### [Data under study]
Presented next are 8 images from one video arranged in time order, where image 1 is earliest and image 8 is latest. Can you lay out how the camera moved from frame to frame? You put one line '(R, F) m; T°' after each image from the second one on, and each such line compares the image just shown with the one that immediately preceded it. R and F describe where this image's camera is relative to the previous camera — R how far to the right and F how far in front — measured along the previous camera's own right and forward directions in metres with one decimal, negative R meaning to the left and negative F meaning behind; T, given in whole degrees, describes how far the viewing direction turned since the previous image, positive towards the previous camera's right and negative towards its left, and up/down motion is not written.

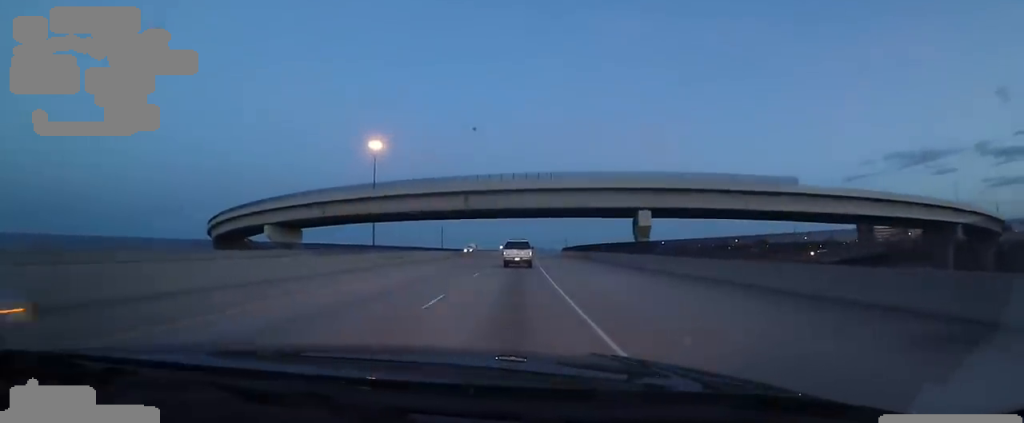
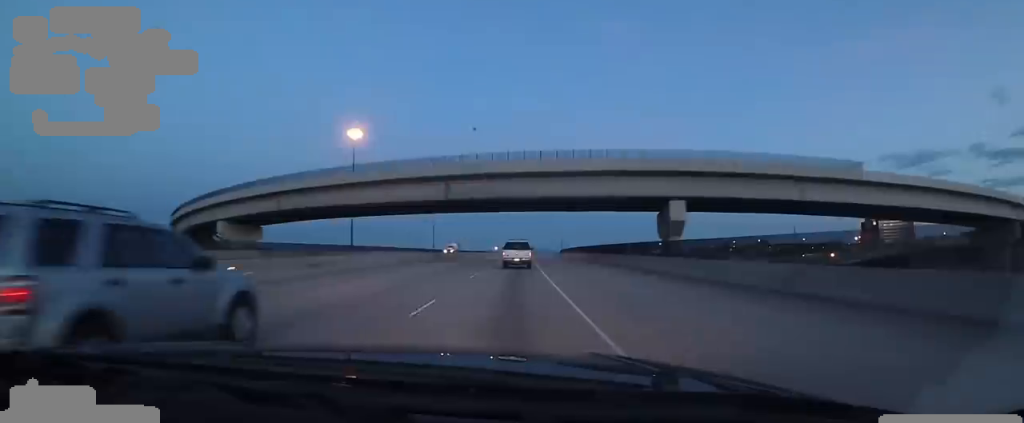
(0.0, +13.1) m; 0°
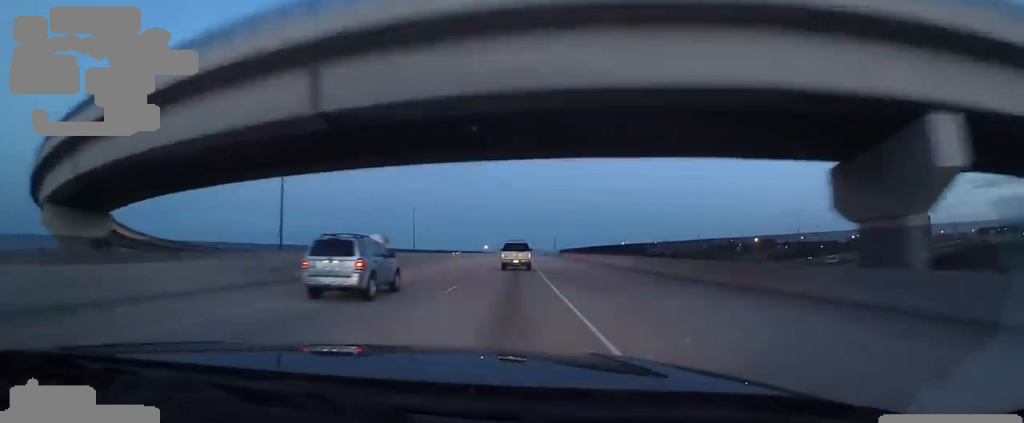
(+0.2, +31.0) m; +4°
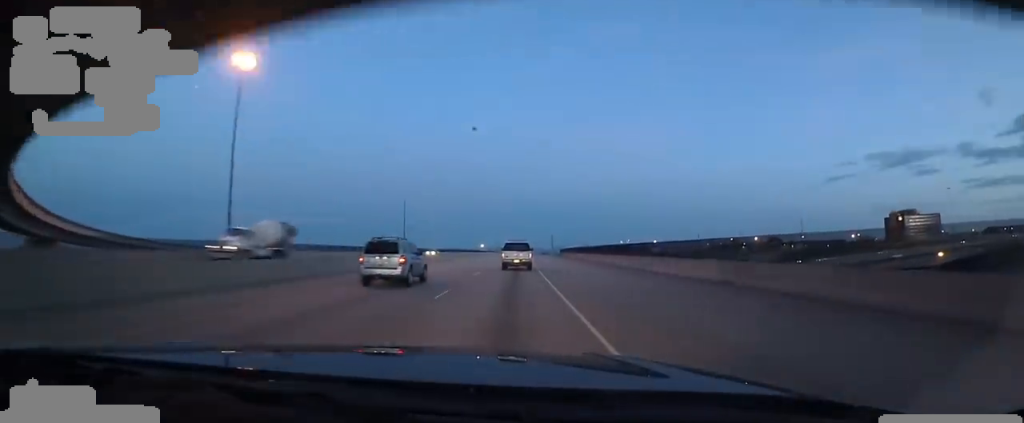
(+0.9, +14.4) m; 0°
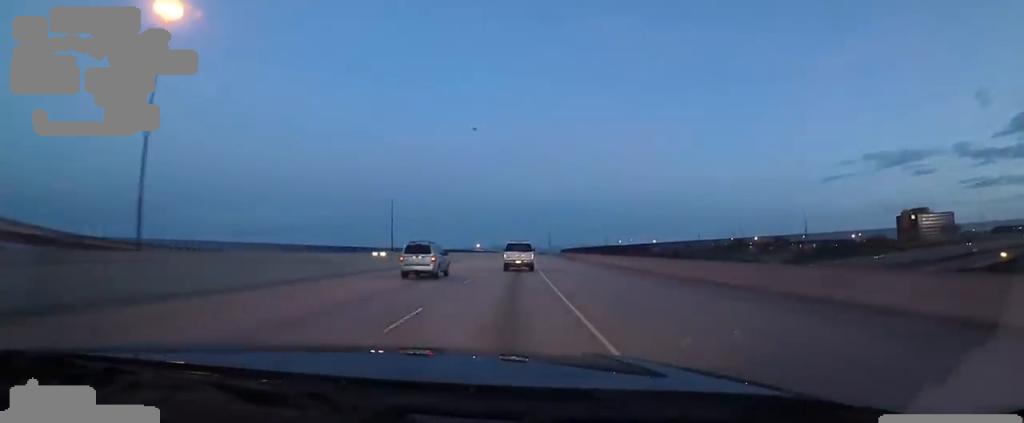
(+0.2, +17.0) m; 0°
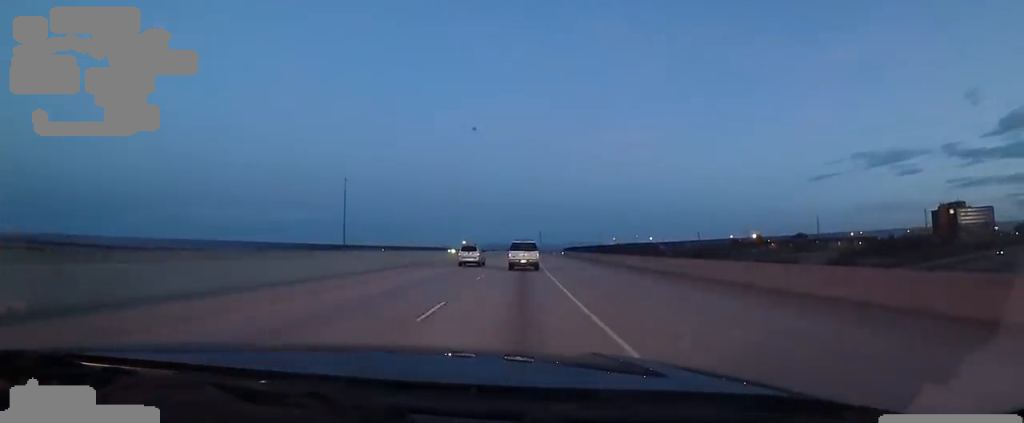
(-0.6, +47.7) m; 0°
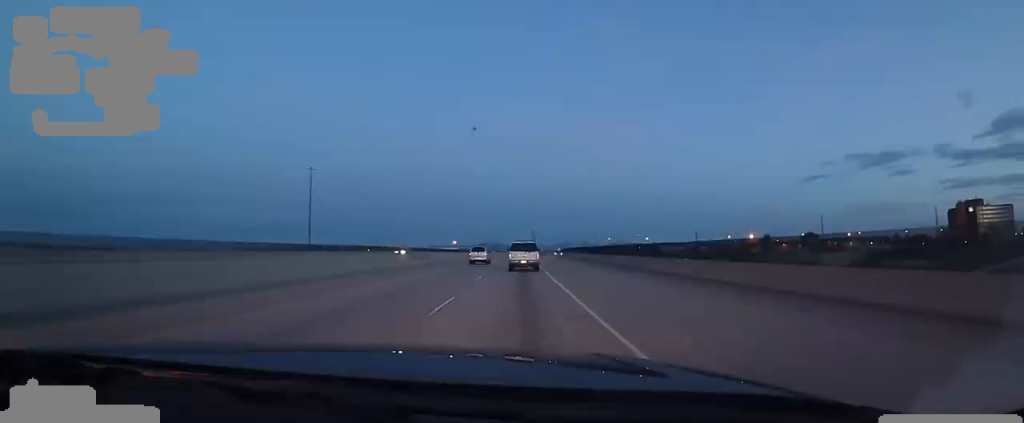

### [Work task]
The response consists of the data above printed line for line, with no pictures.

### [Answer to this exercise]
Presented next are 8 images from one video arranged in time order, where image 1 is earliest and image 8 is latest. Can you lay out how the camera moved from frame to frame? You put one line '(R, F) m; T°' after each image from the second one on, and each such line compares the image just shown with the one that immediately preceded it. R and F describe where this image's camera is relative to the previous camera — R how far to the right and F how far in front — measured along the previous camera's own right and forward directions in metres with one decimal, negative R meaning to the left and negative F meaning behind; T, given in whole degrees, describes how far the viewing direction turned since the previous image, positive towards the previous camera's right and negative towards its left, and up/down motion is not written.

(0.0, +13.1) m; 0°
(+0.2, +31.0) m; +4°
(+0.9, +14.4) m; 0°
(+0.2, +17.0) m; 0°
(-0.6, +47.7) m; 0°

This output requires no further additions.